RBLC member Nancy Cueroni, executive director of the National Marine Distributors Association, says she was happy to sign up. “It’s obviously on the minds of everyone, and we’re very excited that we are helping with this issue,” Cueroni says, adding that John Adey, president of the American Boat and Yacht Council, also will sit on the task force.

The RBLC was created during the industry’s third Growth Summit in December 2011 to guide and oversee efforts to increase participation in boating and spark action and discussion to overcome obstacles to growth. The New Markets Task Force announced final plans for its new industrywide multicultural educational training module, including the selection of featured industry companies and a video production firm. The forthcoming 45-minute multimedia training module is projected for a fall debut, in time for boat show season.

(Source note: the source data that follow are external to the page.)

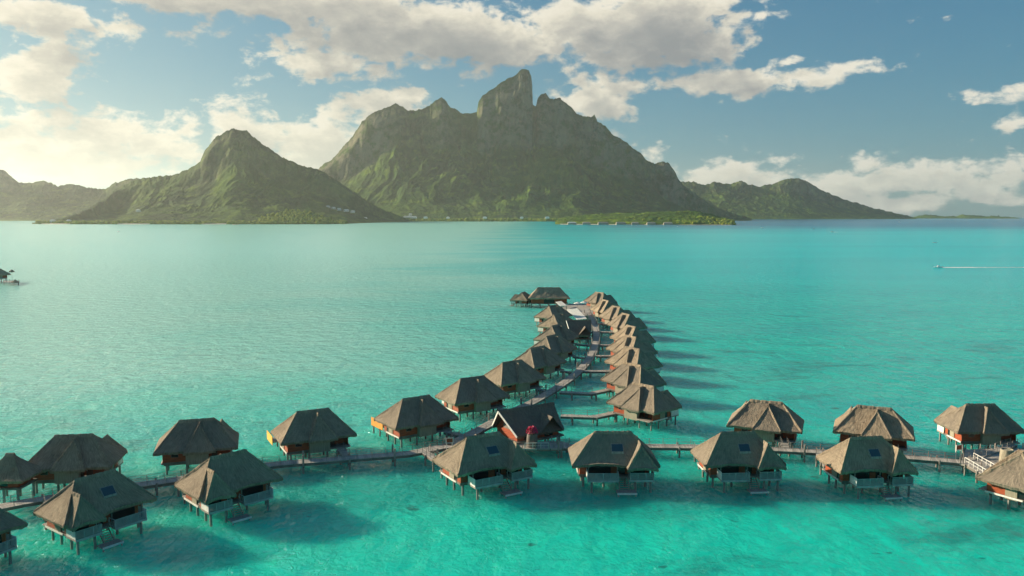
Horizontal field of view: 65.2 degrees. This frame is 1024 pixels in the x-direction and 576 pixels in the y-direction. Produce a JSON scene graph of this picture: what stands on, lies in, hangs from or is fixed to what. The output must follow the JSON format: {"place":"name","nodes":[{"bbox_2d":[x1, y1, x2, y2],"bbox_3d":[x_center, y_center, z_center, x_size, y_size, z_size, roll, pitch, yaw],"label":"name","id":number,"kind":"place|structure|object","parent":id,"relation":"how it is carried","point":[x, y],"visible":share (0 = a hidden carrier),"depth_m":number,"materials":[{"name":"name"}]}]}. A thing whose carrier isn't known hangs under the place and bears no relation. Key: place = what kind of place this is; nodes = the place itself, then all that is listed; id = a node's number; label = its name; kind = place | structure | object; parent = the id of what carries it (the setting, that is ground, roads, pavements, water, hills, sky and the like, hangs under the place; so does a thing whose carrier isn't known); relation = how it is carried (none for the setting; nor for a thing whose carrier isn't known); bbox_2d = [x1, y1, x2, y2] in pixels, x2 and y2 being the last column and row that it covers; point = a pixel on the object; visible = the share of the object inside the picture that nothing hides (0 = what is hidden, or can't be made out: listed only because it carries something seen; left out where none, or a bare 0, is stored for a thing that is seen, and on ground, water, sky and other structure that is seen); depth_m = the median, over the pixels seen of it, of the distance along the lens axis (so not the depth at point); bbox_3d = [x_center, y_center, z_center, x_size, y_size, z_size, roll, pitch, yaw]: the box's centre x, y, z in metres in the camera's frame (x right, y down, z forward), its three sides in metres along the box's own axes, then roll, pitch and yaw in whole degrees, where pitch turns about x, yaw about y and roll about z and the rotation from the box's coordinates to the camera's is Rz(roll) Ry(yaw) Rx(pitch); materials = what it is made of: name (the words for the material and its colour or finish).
{"place":"outdoors","nodes":[
{"label":"outdoors","id":0,"kind":"place"},
{"bbox_2d":[0,170,179,220],"bbox_3d":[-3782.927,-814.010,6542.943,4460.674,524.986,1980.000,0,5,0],"label":"hill","id":1,"kind":"structure","parent":0,"point":[38,200],"depth_m":6435.49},
{"bbox_2d":[118,223,149,223],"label":"beach","id":2,"kind":"structure","parent":0,"point":[134,223],"depth_m":3480.89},
{"bbox_2d":[32,128,408,223],"bbox_3d":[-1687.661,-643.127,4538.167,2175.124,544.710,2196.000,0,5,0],"label":"hill","id":3,"kind":"structure","parent":0,"point":[233,174],"depth_m":4466.29,"materials":[{"name":"green plant"}]},
{"bbox_2d":[35,208,346,223],"bbox_3d":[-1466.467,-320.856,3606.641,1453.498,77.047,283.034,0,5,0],"label":"shore woods","id":4,"kind":"object","parent":3,"relation":"on","point":[297,216],"visible":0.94,"depth_m":3538.73,"materials":[{"name":"green plant"}]},
{"bbox_2d":[0,218,1023,575],"bbox_3d":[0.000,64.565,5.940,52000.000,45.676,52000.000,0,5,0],"label":"water","id":5,"kind":"structure","parent":0,"point":[136,340],"depth_m":216.17,"materials":[{"name":"teal liquid"}]},
{"bbox_2d":[0,269,10,281],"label":"overwater bungalow","id":6,"kind":"object","parent":5,"relation":"on","point":[3,274],"visible":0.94,"depth_m":497.56,"materials":[{"name":"white paint"}]},
{"bbox_2d":[0,508,27,563],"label":"overwater bungalow","id":7,"kind":"object","parent":5,"relation":"on","point":[9,522],"visible":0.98,"depth_m":97.22,"materials":[{"name":"brown wood"}]},
{"bbox_2d":[0,453,41,502],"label":"thatched hut","id":8,"kind":"object","parent":5,"relation":"on","point":[17,474],"visible":0.9,"depth_m":116.28,"materials":[{"name":"brown plant"}]},
{"bbox_2d":[29,433,127,493],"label":"overwater bungalow","id":9,"kind":"object","parent":5,"relation":"on","point":[63,459],"visible":0.92,"depth_m":121.59,"materials":[{"name":"white paint"}]},
{"bbox_2d":[86,470,92,475],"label":"door","id":10,"kind":"structure","parent":9,"relation":"in","point":[89,472],"depth_m":122.70,"materials":[{"name":"brown paint"}]},
{"bbox_2d":[33,469,156,554],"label":"overwater bungalow","id":11,"kind":"object","parent":5,"relation":"on","point":[78,510],"visible":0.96,"depth_m":102.49,"materials":[{"name":"white paint"}]},
{"bbox_2d":[75,525,88,531],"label":"sliding door","id":12,"kind":"structure","parent":11,"relation":"in","point":[84,527],"depth_m":101.45,"materials":[{"name":"black glass"}]},
{"bbox_2d":[110,506,134,520],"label":"sliding door","id":13,"kind":"structure","parent":11,"relation":"in","point":[128,511],"depth_m":105.73,"materials":[{"name":"black glass"}]},
{"bbox_2d":[176,474,185,503],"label":"entry bridge","id":14,"kind":"structure","parent":5,"relation":"on","point":[178,495],"depth_m":119.47,"materials":[{"name":"grey wood"}]},
{"bbox_2d":[153,417,238,474],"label":"overwater bungalow","id":15,"kind":"object","parent":5,"relation":"on","point":[187,442],"visible":0.94,"depth_m":130.51,"materials":[{"name":"brown plant"}]},
{"bbox_2d":[0,439,455,510],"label":"jetty","id":16,"kind":"object","parent":5,"relation":"on","point":[393,455],"visible":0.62,"depth_m":130.76,"materials":[{"name":"brown wood"}]},
{"bbox_2d":[446,437,452,449],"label":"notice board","id":17,"kind":"object","parent":16,"relation":"attached to","point":[449,440],"visible":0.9,"depth_m":137.95,"materials":[{"name":"brown paint"}]},
{"bbox_2d":[174,449,282,526],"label":"overwater bungalow","id":18,"kind":"object","parent":5,"relation":"on","point":[211,485],"visible":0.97,"depth_m":111.81,"materials":[{"name":"brown wood"}]},
{"bbox_2d":[242,485,262,496],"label":"sliding door","id":19,"kind":"structure","parent":18,"relation":"in","point":[256,489],"depth_m":114.40,"materials":[{"name":"black glass"}]},
{"bbox_2d":[267,408,356,459],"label":"overwater bungalow","id":20,"kind":"object","parent":5,"relation":"on","point":[323,430],"visible":0.97,"depth_m":137.00,"materials":[{"name":"brown plant"}]},
{"bbox_2d":[336,442,349,464],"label":"entry bridge","id":21,"kind":"structure","parent":5,"relation":"on","point":[340,451],"depth_m":135.88,"materials":[{"name":"grey wood"}]},
{"bbox_2d":[371,394,458,447],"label":"overwater bungalow","id":22,"kind":"object","parent":5,"relation":"on","point":[416,417],"visible":0.95,"depth_m":146.97,"materials":[{"name":"brown plant"}]},
{"bbox_2d":[422,446,442,477],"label":"entry bridge","id":23,"kind":"structure","parent":5,"relation":"on","point":[429,455],"depth_m":133.95,"materials":[{"name":"grey wood"}]},
{"bbox_2d":[443,425,461,437],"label":"entry bridge","id":24,"kind":"structure","parent":5,"relation":"on","point":[447,433],"depth_m":147.17,"materials":[{"name":"grey wood"}]},
{"bbox_2d":[435,375,510,420],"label":"overwater bungalow","id":25,"kind":"object","parent":5,"relation":"on","point":[467,395],"visible":0.94,"depth_m":165.01,"materials":[{"name":"white paint"}]},
{"bbox_2d":[432,431,536,499],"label":"overwater bungalow","id":26,"kind":"object","parent":5,"relation":"on","point":[479,461],"visible":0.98,"depth_m":121.48,"materials":[{"name":"brown plant"}]},
{"bbox_2d":[467,471,487,481],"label":"sliding door","id":27,"kind":"structure","parent":26,"relation":"in","point":[481,475],"depth_m":121.05,"materials":[{"name":"black glass"}]},
{"bbox_2d":[484,359,545,400],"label":"overwater bungalow","id":28,"kind":"object","parent":5,"relation":"on","point":[515,376],"visible":0.89,"depth_m":183.24,"materials":[{"name":"white paint"}]},
{"bbox_2d":[510,291,530,306],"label":"overwater bungalow","id":29,"kind":"object","parent":5,"relation":"on","point":[521,298],"visible":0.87,"depth_m":364.44,"materials":[{"name":"brown plant"}]},
{"bbox_2d":[443,310,600,445],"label":"jetty","id":30,"kind":"object","parent":5,"relation":"on","point":[594,349],"visible":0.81,"depth_m":189.92,"materials":[{"name":"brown wood"}]},
{"bbox_2d":[492,402,563,443],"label":"gabled hall","id":31,"kind":"structure","parent":5,"relation":"on","point":[543,418],"depth_m":144.43,"materials":[{"name":"plant"}]},
{"bbox_2d":[512,345,566,380],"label":"overwater bungalow","id":32,"kind":"object","parent":5,"relation":"on","point":[543,360],"visible":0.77,"depth_m":203.43,"materials":[{"name":"white paint"}]},
{"bbox_2d":[535,383,544,395],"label":"entry bridge","id":33,"kind":"structure","parent":5,"relation":"on","point":[537,389],"depth_m":183.91,"materials":[{"name":"grey wood"}]},
{"bbox_2d":[522,438,569,457],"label":"deck platform","id":34,"kind":"structure","parent":5,"relation":"on","point":[549,448],"depth_m":138.34,"materials":[{"name":"grey wood"}]},
{"bbox_2d":[528,287,569,307],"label":"thatched pavilion","id":35,"kind":"structure","parent":5,"relation":"on","point":[546,295],"depth_m":361.04,"materials":[{"name":"brown plant"}]},
{"bbox_2d":[544,299,553,302],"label":"door","id":36,"kind":"structure","parent":35,"relation":"in","point":[546,300],"depth_m":361.00,"materials":[{"name":"black glass"}]},
{"bbox_2d":[526,334,577,363],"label":"overwater bungalow","id":37,"kind":"object","parent":5,"relation":"on","point":[562,347],"visible":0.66,"depth_m":223.69,"materials":[{"name":"brown plant"}]},
{"bbox_2d":[534,304,572,326],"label":"overwater bungalow","id":38,"kind":"object","parent":5,"relation":"on","point":[545,314],"visible":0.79,"depth_m":297.73,"materials":[{"name":"brown plant"}]},
{"bbox_2d":[537,312,572,333],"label":"overwater bungalow","id":39,"kind":"object","parent":5,"relation":"on","point":[555,319],"visible":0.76,"depth_m":272.62,"materials":[{"name":"brown plant"}]},
{"bbox_2d":[533,323,578,344],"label":"overwater bungalow","id":40,"kind":"object","parent":5,"relation":"on","point":[566,333],"visible":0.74,"depth_m":244.98,"materials":[{"name":"brown plant"}]},
{"bbox_2d":[556,301,566,310],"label":"slatted pergola","id":41,"kind":"object","parent":5,"relation":"on","point":[560,303],"visible":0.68,"depth_m":338.30,"materials":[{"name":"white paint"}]},
{"bbox_2d":[560,366,572,378],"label":"entry bridge","id":42,"kind":"structure","parent":5,"relation":"on","point":[564,371],"depth_m":205.03,"materials":[{"name":"grey wood"}]},
{"bbox_2d":[561,304,592,316],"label":"deck platform","id":43,"kind":"structure","parent":5,"relation":"on","point":[582,308],"depth_m":344.15,"materials":[{"name":"grey wood"}]},
{"bbox_2d":[567,308,586,319],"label":"slatted pergola","id":44,"kind":"object","parent":5,"relation":"on","point":[578,315],"visible":0.68,"depth_m":304.50,"materials":[{"name":"white paint"}]},
{"bbox_2d":[572,352,584,363],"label":"entry bridge","id":45,"kind":"structure","parent":5,"relation":"on","point":[578,357],"depth_m":225.52,"materials":[{"name":"grey wood"}]},
{"bbox_2d":[566,320,592,344],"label":"gabled hall","id":46,"kind":"structure","parent":5,"relation":"on","point":[581,329],"depth_m":259.96,"materials":[{"name":"brown plant"}]},
{"bbox_2d":[575,341,589,350],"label":"entry bridge","id":47,"kind":"structure","parent":5,"relation":"on","point":[585,345],"depth_m":247.06,"materials":[{"name":"grey wood"}]},
{"bbox_2d":[559,384,613,400],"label":"branch jetty","id":48,"kind":"object","parent":5,"relation":"on","point":[593,393],"visible":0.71,"depth_m":181.79,"materials":[{"name":"grey wood"}]},
{"bbox_2d":[560,407,617,425],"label":"branch jetty","id":49,"kind":"object","parent":5,"relation":"on","point":[598,416],"visible":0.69,"depth_m":161.00,"materials":[{"name":"grey wood"}]},
{"bbox_2d":[582,366,610,377],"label":"branch jetty","id":50,"kind":"object","parent":5,"relation":"in","point":[596,371],"visible":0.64,"depth_m":207.41,"materials":[{"name":"grey wood"}]},
{"bbox_2d":[583,292,616,306],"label":"overwater bungalow","id":51,"kind":"object","parent":5,"relation":"on","point":[593,299],"visible":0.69,"depth_m":347.75,"materials":[{"name":"beige plant"}]},
{"bbox_2d":[595,320,606,328],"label":"branch jetty","id":52,"kind":"object","parent":5,"relation":"on","point":[604,324],"visible":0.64,"depth_m":296.57,"materials":[{"name":"grey wood"}]},
{"bbox_2d":[596,355,610,361],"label":"branch jetty","id":53,"kind":"object","parent":5,"relation":"on","point":[602,356],"visible":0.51,"depth_m":228.40,"materials":[{"name":"grey wood"}]},
{"bbox_2d":[590,299,619,320],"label":"overwater bungalow","id":54,"kind":"object","parent":5,"relation":"on","point":[600,307],"visible":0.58,"depth_m":315.67,"materials":[{"name":"brown plant"}]},
{"bbox_2d":[600,344,609,350],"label":"branch jetty","id":55,"kind":"object","parent":5,"relation":"on","point":[603,345],"visible":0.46,"depth_m":247.40,"materials":[{"name":"grey wood"}]},
{"bbox_2d":[598,328,613,336],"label":"branch jetty","id":56,"kind":"object","parent":5,"relation":"on","point":[607,332],"visible":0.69,"depth_m":274.91,"materials":[{"name":"grey wood"}]},
{"bbox_2d":[568,430,659,496],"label":"overwater bungalow","id":57,"kind":"object","parent":5,"relation":"on","point":[603,457],"visible":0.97,"depth_m":122.80,"materials":[{"name":"white paint"}]},
{"bbox_2d":[587,467,610,472],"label":"sliding door","id":58,"kind":"structure","parent":57,"relation":"in","point":[591,469],"depth_m":123.39,"materials":[{"name":"black glass"}]},
{"bbox_2d":[618,467,624,473],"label":"sliding door","id":59,"kind":"structure","parent":57,"relation":"in","point":[621,470],"depth_m":123.42,"materials":[{"name":"black glass"}]},
{"bbox_2d":[598,305,635,327],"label":"overwater bungalow","id":60,"kind":"object","parent":5,"relation":"on","point":[609,314],"visible":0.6,"depth_m":294.39,"materials":[{"name":"beige plant"}]},
{"bbox_2d":[607,313,646,334],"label":"overwater bungalow","id":61,"kind":"object","parent":5,"relation":"on","point":[619,322],"visible":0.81,"depth_m":271.60,"materials":[{"name":"brown plant"}]},
{"bbox_2d":[605,334,657,356],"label":"overwater bungalow","id":62,"kind":"object","parent":5,"relation":"on","point":[624,340],"visible":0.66,"depth_m":222.40,"materials":[{"name":"brown plant"}]},
{"bbox_2d":[609,325,655,346],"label":"overwater bungalow","id":63,"kind":"object","parent":5,"relation":"on","point":[641,335],"visible":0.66,"depth_m":241.95,"materials":[{"name":"brown plant"}]},
{"bbox_2d":[600,362,666,396],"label":"overwater bungalow","id":64,"kind":"object","parent":5,"relation":"on","point":[622,376],"visible":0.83,"depth_m":180.54,"materials":[{"name":"white paint"}]},
{"bbox_2d":[604,346,662,373],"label":"overwater bungalow","id":65,"kind":"object","parent":5,"relation":"on","point":[646,361],"visible":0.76,"depth_m":202.53,"materials":[{"name":"white paint"}]},
{"bbox_2d":[606,382,681,430],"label":"overwater bungalow","id":66,"kind":"object","parent":5,"relation":"on","point":[646,403],"visible":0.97,"depth_m":158.24,"materials":[{"name":"white paint"}]},
{"bbox_2d":[457,436,963,471],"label":"jetty","id":67,"kind":"object","parent":5,"relation":"on","point":[804,452],"visible":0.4,"depth_m":137.71,"materials":[{"name":"brown wood"}]},
{"bbox_2d":[526,426,537,447],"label":"planter","id":68,"kind":"object","parent":67,"relation":"on","point":[531,437],"visible":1,"depth_m":138.71,"materials":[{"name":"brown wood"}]},
{"bbox_2d":[955,444,961,458],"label":"notice board","id":69,"kind":"object","parent":67,"relation":"attached to","point":[958,447],"visible":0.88,"depth_m":133.88,"materials":[{"name":"brown paint"}]},
{"bbox_2d":[690,431,786,495],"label":"overwater bungalow","id":70,"kind":"object","parent":5,"relation":"on","point":[724,457],"visible":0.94,"depth_m":122.94,"materials":[{"name":"white paint"}]},
{"bbox_2d":[718,467,738,472],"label":"sliding door","id":71,"kind":"structure","parent":70,"relation":"in","point":[724,469],"depth_m":123.30,"materials":[{"name":"black glass"}]},
{"bbox_2d":[745,466,751,473],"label":"sliding door","id":72,"kind":"structure","parent":70,"relation":"in","point":[749,468],"depth_m":123.55,"materials":[{"name":"black glass"}]},
{"bbox_2d":[726,399,803,447],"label":"overwater bungalow","id":73,"kind":"object","parent":5,"relation":"on","point":[770,421],"visible":0.97,"depth_m":143.68,"materials":[{"name":"brown plant"}]},
{"bbox_2d":[778,436,790,455],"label":"entry bridge","id":74,"kind":"structure","parent":5,"relation":"on","point":[786,445],"depth_m":139.76,"materials":[{"name":"grey wood"}]},
{"bbox_2d":[815,447,824,474],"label":"entry bridge","id":75,"kind":"structure","parent":5,"relation":"on","point":[822,465],"depth_m":129.53,"materials":[{"name":"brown wood"}]},
{"bbox_2d":[816,435,918,501],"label":"overwater bungalow","id":76,"kind":"object","parent":5,"relation":"on","point":[862,462],"visible":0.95,"depth_m":120.30,"materials":[{"name":"brown plant"}]},
{"bbox_2d":[849,472,869,480],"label":"sliding door","id":77,"kind":"structure","parent":76,"relation":"in","point":[865,475],"depth_m":120.60,"materials":[{"name":"black glass"}]},
{"bbox_2d":[832,405,914,452],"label":"overwater bungalow","id":78,"kind":"object","parent":5,"relation":"on","point":[890,425],"visible":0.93,"depth_m":139.78,"materials":[{"name":"beige plant"}]},
{"bbox_2d":[943,267,993,267],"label":"wake","id":79,"kind":"object","parent":5,"relation":"on","point":[967,267],"visible":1,"depth_m":634.06,"materials":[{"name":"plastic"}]},
{"bbox_2d":[961,461,984,482],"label":"entry bridge","id":80,"kind":"structure","parent":5,"relation":"on","point":[976,470],"depth_m":127.80,"materials":[{"name":"grey wood"}]},
{"bbox_2d":[964,457,985,472],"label":"white railing","id":81,"kind":"object","parent":80,"relation":"on","point":[973,464],"visible":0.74,"depth_m":127.09,"materials":[{"name":"paint"}]},
{"bbox_2d":[934,403,1023,452],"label":"overwater bungalow","id":82,"kind":"object","parent":5,"relation":"on","point":[987,424],"visible":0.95,"depth_m":141.72,"materials":[{"name":"brown plant"}]},
{"bbox_2d":[963,438,1017,460],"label":"entry bridge","id":83,"kind":"structure","parent":5,"relation":"on","point":[992,451],"depth_m":135.57,"materials":[{"name":"grey wood"}]},
{"bbox_2d":[959,443,1023,472],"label":"deck platform","id":84,"kind":"structure","parent":5,"relation":"on","point":[994,458],"depth_m":133.21,"materials":[{"name":"grey wood"}]},
{"bbox_2d":[973,453,993,466],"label":"white railing","id":85,"kind":"object","parent":84,"relation":"on","point":[982,459],"visible":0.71,"depth_m":129.50,"materials":[{"name":"paint"}]},
{"bbox_2d":[975,449,1023,509],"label":"overwater bungalow","id":86,"kind":"object","parent":5,"relation":"on","point":[1004,477],"visible":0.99,"depth_m":114.21,"materials":[{"name":"brown wood"}]},
{"bbox_2d":[1017,491,1023,499],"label":"door","id":87,"kind":"structure","parent":86,"relation":"in","point":[1020,495],"depth_m":112.46,"materials":[{"name":"brown glass"}]},
{"bbox_2d":[0,0,1023,217],"label":"sky","id":88,"kind":"structure","parent":0,"point":[912,108],"materials":[{"name":"blue"}]},
{"bbox_2d":[318,69,751,221],"bbox_3d":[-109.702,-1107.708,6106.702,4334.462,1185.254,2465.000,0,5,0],"label":"mountain","id":89,"kind":"structure","parent":0,"point":[508,149],"depth_m":6115.45,"materials":[{"name":"green plant"}]},
{"bbox_2d":[407,218,560,221],"bbox_3d":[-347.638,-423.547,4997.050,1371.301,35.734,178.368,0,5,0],"label":"shore woods","id":90,"kind":"object","parent":89,"relation":"on","point":[484,220],"visible":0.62,"depth_m":4934.06,"materials":[{"name":"green plant"}]},
{"bbox_2d":[576,224,675,224],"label":"beach","id":91,"kind":"structure","parent":0,"point":[615,224],"depth_m":3345.86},
{"bbox_2d":[598,222,608,224],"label":"lodge","id":92,"kind":"structure","parent":91,"relation":"on","point":[603,223],"depth_m":3340.74,"materials":[{"name":"white glass"}]},
{"bbox_2d":[555,211,729,224],"bbox_3d":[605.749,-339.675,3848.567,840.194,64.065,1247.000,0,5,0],"label":"headland","id":93,"kind":"structure","parent":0,"point":[615,217],"depth_m":3464.30,"materials":[{"name":"green plant"}]},
{"bbox_2d":[556,215,735,224],"bbox_3d":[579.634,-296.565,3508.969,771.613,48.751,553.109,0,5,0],"label":"shore woods","id":94,"kind":"object","parent":93,"relation":"on","point":[721,221],"visible":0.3,"depth_m":3308.19,"materials":[{"name":"green plant"}]},
{"bbox_2d":[681,178,915,218],"bbox_3d":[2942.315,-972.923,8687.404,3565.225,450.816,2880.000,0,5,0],"label":"hill","id":95,"kind":"structure","parent":0,"point":[795,198],"depth_m":8582.60,"materials":[{"name":"green plant"}]},
{"bbox_2d":[914,214,1019,218],"bbox_3d":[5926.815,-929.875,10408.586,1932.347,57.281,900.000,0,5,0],"label":"islet","id":96,"kind":"object","parent":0,"point":[962,216],"visible":0.91,"depth_m":10215.07,"materials":[{"name":"green plant"}]},
{"bbox_2d":[999,448,1013,460],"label":"planter","id":97,"kind":"object","parent":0,"point":[1004,453],"visible":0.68,"depth_m":129.63,"materials":[{"name":"beige"}]}
]}

The RBLC also decided to disband its Affordability Task Force, saying it has completed its job by raising the issue and providing tools to help educate the industry. Additionally, other task forces, such as Marketing and New Markets, are constantly addressing the issue, says Gruhn. (There are six task forces.)

NMMA president Thom Dammrich called this year’s American Boating Congress one of the most successful in recent history.

NMMA president Thom Dammrich called this year’s American Boating Congress one of the most successful in recent history.

The speakers

A host of speakers took the stage, including Republican U.S. Rep. Austin Scott of Georgia’s 8th Congressional District. He spoke passionately about the importance of strong advocacy for access to fishing and focused on the short nine-day red snapper season.

“Fishing has been a big part of my life, and they’ve taken something from me that is important,” says Scott. “Because with my dad, at the age of 70, I probably will never go snapper fishing with him again. They stole that from my family, if you want to get right down to it.”

To further push his point, Scott told the audience that his 16-year-old son, Wells, while fishing the Gulf of Mexico for speckled trout, was disappointed that he has never caught a snapper. “It dawned on me how much they had taken from us when [my son] said that.”

Scott urged the industry to stand up for its consumers and fight for fishing rights. “You have a great industry — one that really stands for America,” says Scott, who owns a 32-foot Regulator fishing boat.

U.S. Rep. Patrick E. Murphy, a Democrat who represents Florida’s 18th Congressional District, which includes Palm Beach, Martin and St. Lucie counties, talked about the need for protecting the health of boating and fishing waterways.

He cited the drainage of fresh water from Lake Okeechobee into the coastal waters of Florida and in the Florida Keys and Everglades. Water quality, and therefore marine life, has suffered because of the drainage, which chokes the water of oxygen, he says.

“Something that is near and dear to my heart is cleaning up our waterways,” he says.

Murphy also spoke of the need for bipartisan conversation and finding the “middle ground” to make progress. “Compromise isn’t a dirty word,” says Murphy.

For the first time the event featured two keynote speakers: “Fox & Friends Weekend” anchor Tucker Carlson and CNN commentator Paul Begala. Begala is a Democratic strategist, and he is a political contributor for CNN. He appears frequently on “The Situation Room” and other CNN programs. Begala was a chief strategist for the 1992 Clinton-Gore campaign.

“Bernie Sanders’ message is a message that looks very much like Donald Trump’s message,” says Begala. “It’s, ‘Hey Washington, there is a middle class in America, and you can’t have a functioning democracy and [healthy] economy without it. And by the way, our middle class is collapsing.”

Carlson is editor-in-chief of The Daily Caller, a political news website. A conservative pundit, he formerly co-hosted CNN’s “Crossfire” and MSNBC’s “Tucker.”

“You are watching a rebellion of voters against their own parties on both sides,” Tucker says. “That’s what is actually happening, and we miss this in the press because we focus too much on the people who are running.”